# Hammer and Bolter



## Chaosveteran (Aug 29, 2010)

*Hammer and Bolter - now available for download!*

First issue of Hammer and Bolter is out for a free download on BL's digital section!

Can't wait to read it!!


----------



## Mossy Toes (Jun 8, 2009)

Want! E-reader!


----------



## World Eater XII (Dec 12, 2008)

Maybe we should get a communal E-reader!


----------



## Pyroriffic (Feb 28, 2010)

Mossy: you can read the .ePub files on your PC with software like Adobe Digital Editions (free)!


----------



## dark angel (Jun 11, 2008)

I've not got an E-Reader, nor do I have any intentions to get one. _Ever_. I wish this was available in PDF format, to be honest. Would have been a lot easier!


----------



## Chaosveteran (Aug 29, 2010)

I'm sure that there is a way to convert the file into a pdf version, though I don't know how myself, as I've finally found a use for my iPad, but I'm sure there is one, with all the converters out there in the internet.

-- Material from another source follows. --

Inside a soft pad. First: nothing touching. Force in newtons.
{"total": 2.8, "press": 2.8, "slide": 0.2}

If you are not particularly fussed about having it in PDF format, then Pyroriffic is right, the Adobe Digital Editions allows you to simply read the ePub file, as if it were on a E-Reader - 2 min installation and you're there!


----------



## Mossy Toes (Jun 8, 2009)

Did not know that, Pyro. Thankee kindly--I'll get right on top of it!


----------



## Commissar Ploss (Feb 29, 2008)

nook for PC is also a free download from Barnes&Noble

CP

I'm saving for a Kindle anyways, since i get a lot of advance reviews in pdf or epub

CP


----------



## increaso (Jun 5, 2010)

The 'Kindle for PC' app is a free download from Amazon.co.uk.

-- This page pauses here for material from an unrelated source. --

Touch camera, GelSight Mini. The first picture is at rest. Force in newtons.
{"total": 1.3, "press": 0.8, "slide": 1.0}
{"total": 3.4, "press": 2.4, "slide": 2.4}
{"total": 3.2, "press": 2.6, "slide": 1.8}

It allows you to play the .mobi files.


----------



## World Eater XII (Dec 12, 2008)

Thats pretty nifty to know!


----------



## Cloysterpete (Apr 30, 2010)

Commissar Ploss said:


> nook for PC is also a free download from Barnes&Noble
> 
> CP
> 
> ...


You'll have to convert those epub files as the Kindle doesn't play them, but that only takes a few seconds in Calibre, but if the epub has drm (it won't being a digital arc) then that has to be stripped out also.


----------



## Cloysterpete (Apr 30, 2010)

dark angel said:


> I've not got an E-Reader, nor do I have any intentions to get one. _Ever_. I wish this was available in PDF format, to be honest. Would have been a lot easier!


pdf format is horrible for viewing on e-readers, or at least it's a real pita on the Kindle, weird font sizes and queer formatting - compared to a properly formatted mobi file that is.

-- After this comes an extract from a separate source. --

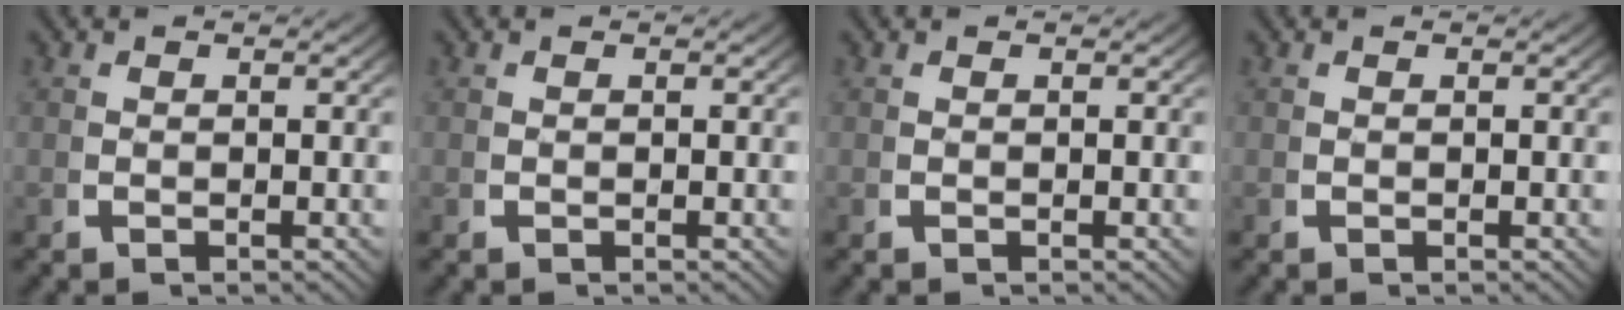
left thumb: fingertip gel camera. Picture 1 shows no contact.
{"total": 0.0}
{"total": 0.0}
{"total": 0.0}

What will you do in ten years time when Black Library realize they are selling 10 digital copies for every print title so they can't justify the expense of printing each and every book released so they scrap mass market books in favour of digital and a few titles as POD. Will you read them on your PC or just not bother following BL anymore?.


----------



## Pyroriffic (Feb 28, 2010)

_H&B_ issue 2 is now available for pre-order, too. here.


----------